Rafik had to repeat it. ‘Sofia!’

She blinked and saw the gypsy stumble in the darkness. Her hand shot out to steady him and she could feel the tremors shaking his body under the light cotton of his shirt.

‘Go,’ he urged and his voice was weak. ‘Run to the schoolhouse. Tell Elizaveta to bring the key to the chamber. Now. Run!’
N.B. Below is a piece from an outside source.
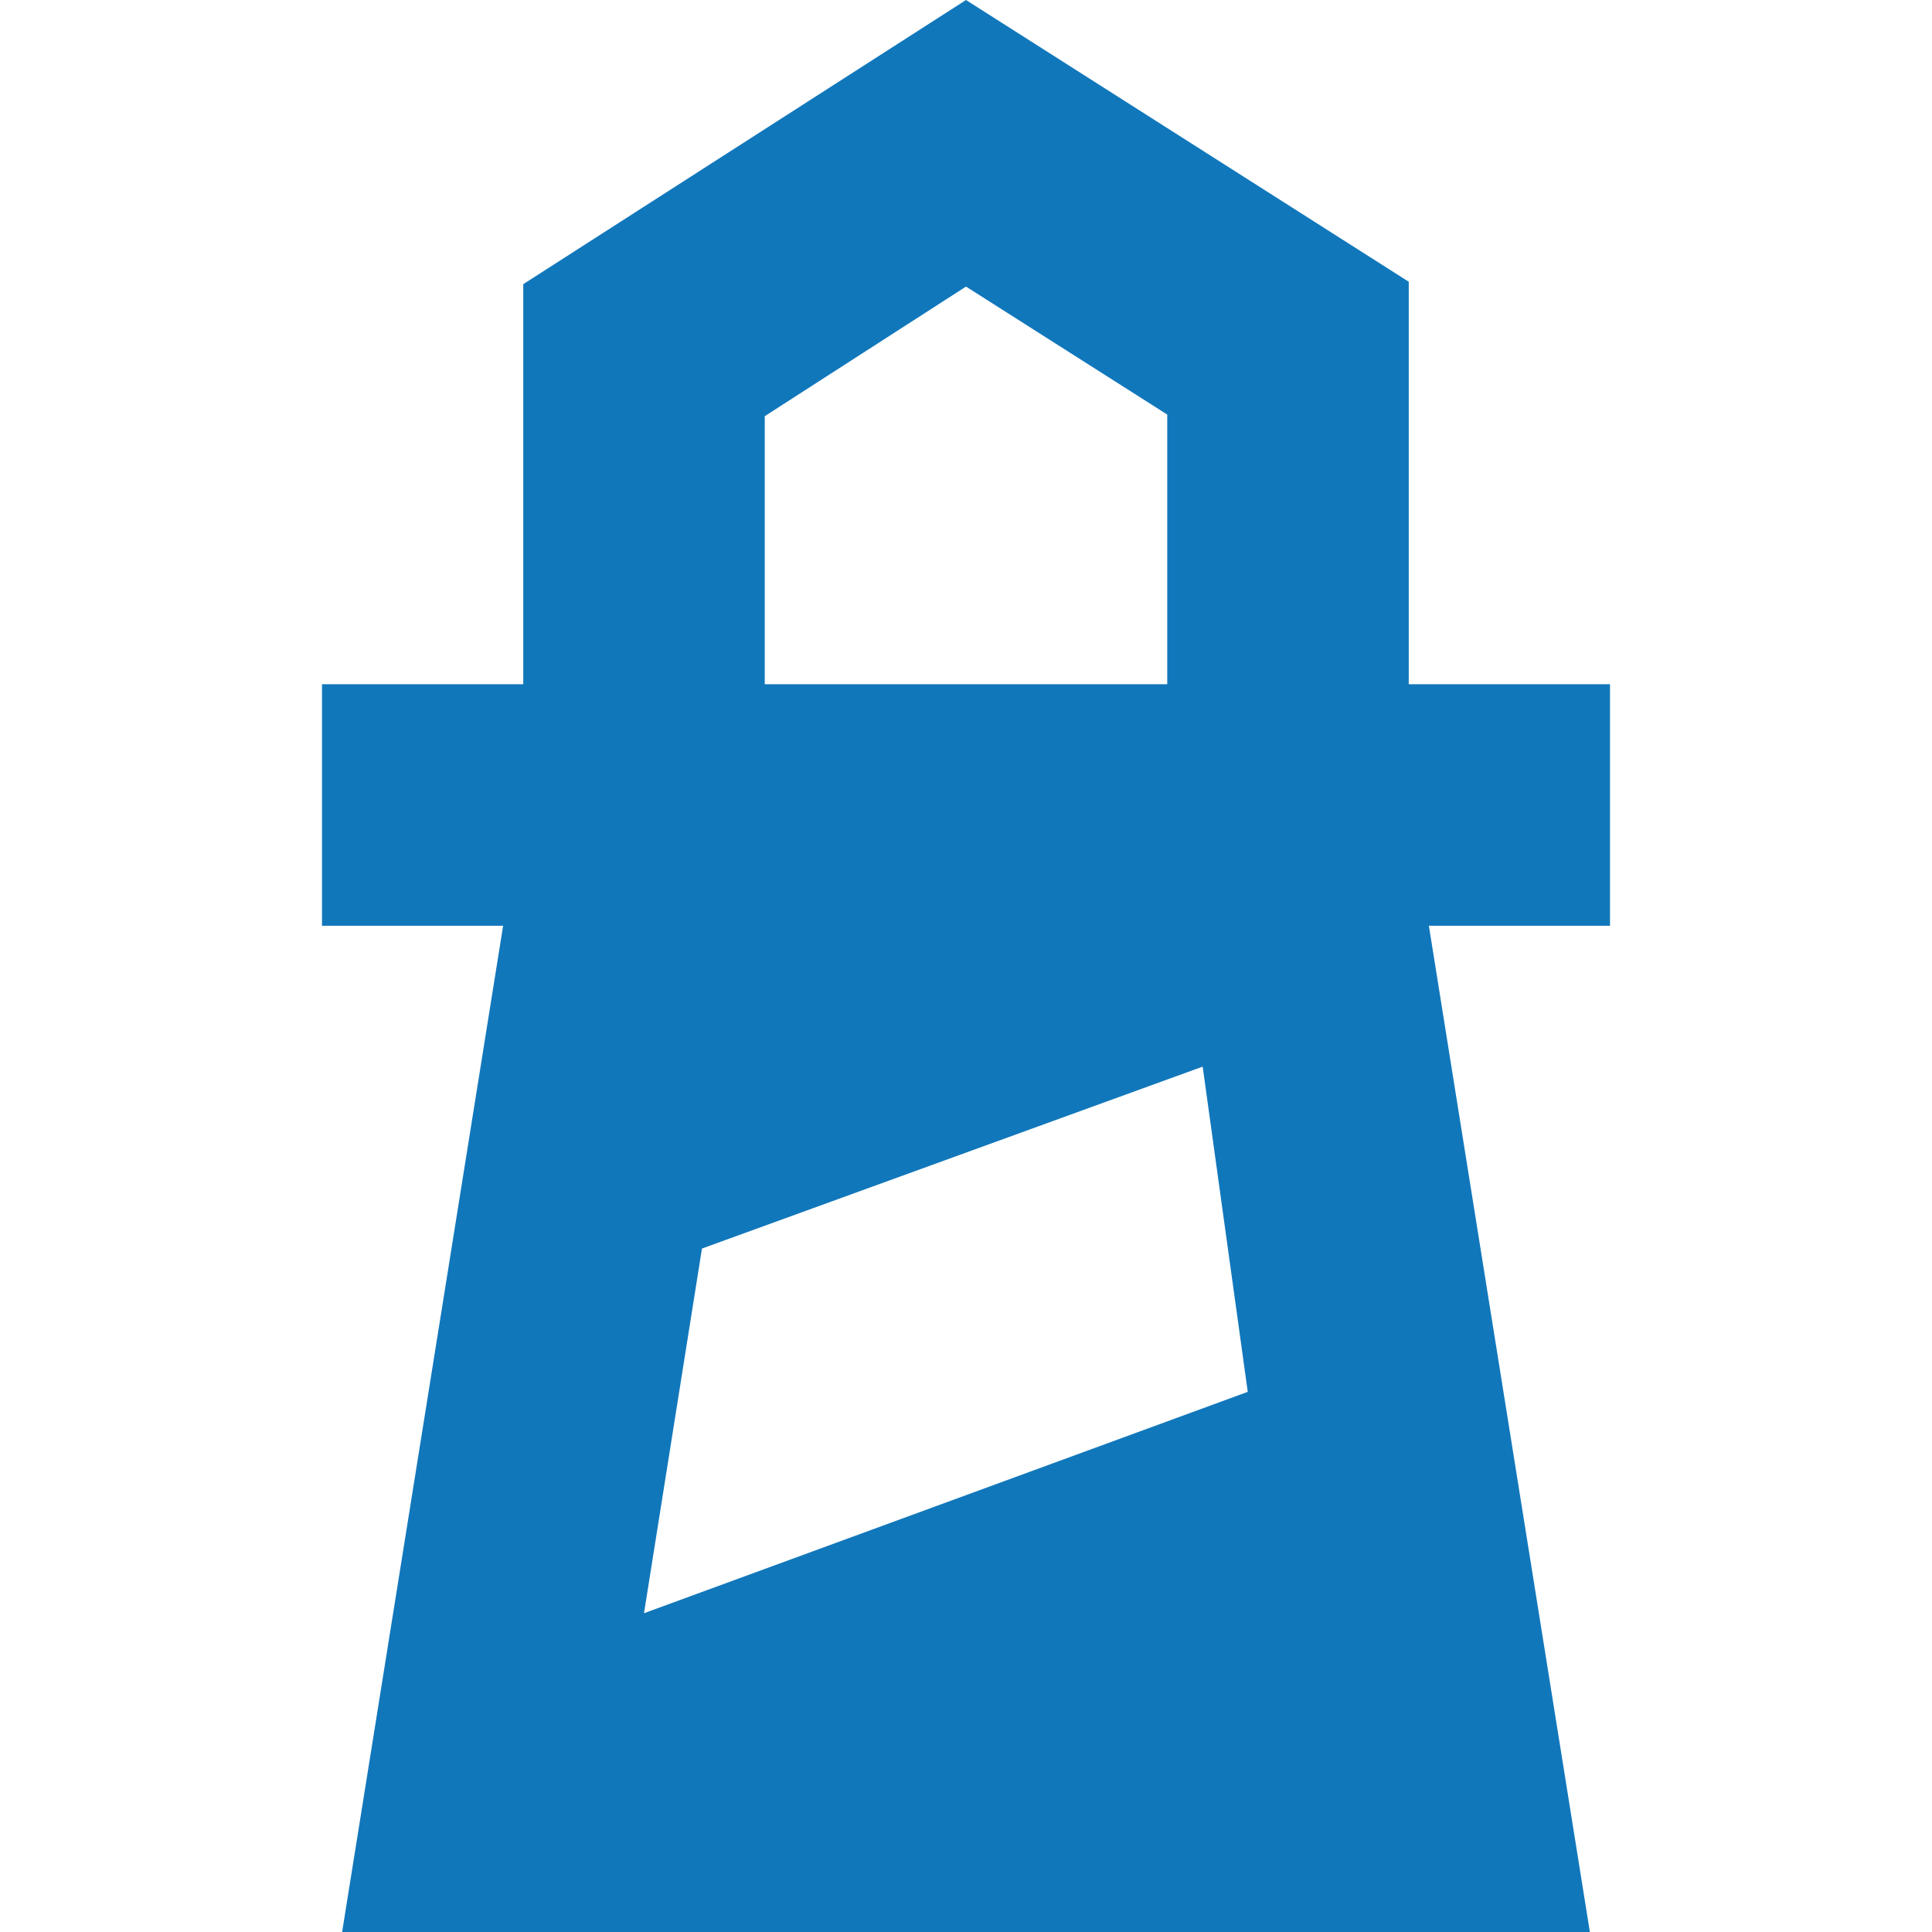 <svg role="img" width="32px" height="32px" viewBox="0 0 24 24" xmlns="http://www.w3.org/2000/svg"><title>Lighthouse</title><path fill="#17b7a" d="M12 0l5.5 3.5v5H20v3h-2.25l2 12.5H4.25l2-12.5H4v-3h2.5V3.53zm2.94 13.25l-6.22 2.26L8 20.04l7.5-2.75zM12 3.56L9.5 5.17V8.5h5V5.15Z"/></svg>

The schoolhouse stood at the bottom of the village street, a modern box of a building with a neat low fence around it and a central doorway that threw out a yellow stain of light on to the shadows of the path. The windows to the left of the entrance were dark, presumably the schoolrooms, but Sofia could see a red glaze shimmer like oil across them as the billows of smoke and sparks in the night sky were reflected in the glass. The single window to the right gleamed brightly from within. So the teacher was at home. Sofia ran up the path, relieved, but could-n’t help wondering why Elizaveta Lishnikova wasn’t at the fire.

She banged on the door.

The door flew open immediately and Sofia was convinced the woman had been standing on the other side of it, listening for footsteps. Something about the tall grey-haired teacher who observed her with such bright, hawkish eyes steadied Sofia’s racing heart. This woman wasn’t the kind of person who would take risks unnecessarily. That thought comforted her.

Sofia spoke quickly. ‘Rafik sent me.’

‘What does he want?’

‘The key.’

The teacher’s mouth opened, then shut again abruptly. ‘He told you about the key?’

‘Yes, the key to the chamber, he said. He needs you to bring it to him.’

There was a pause. Even in the darkness Sofia could feel the spikes of the woman’s suspicion.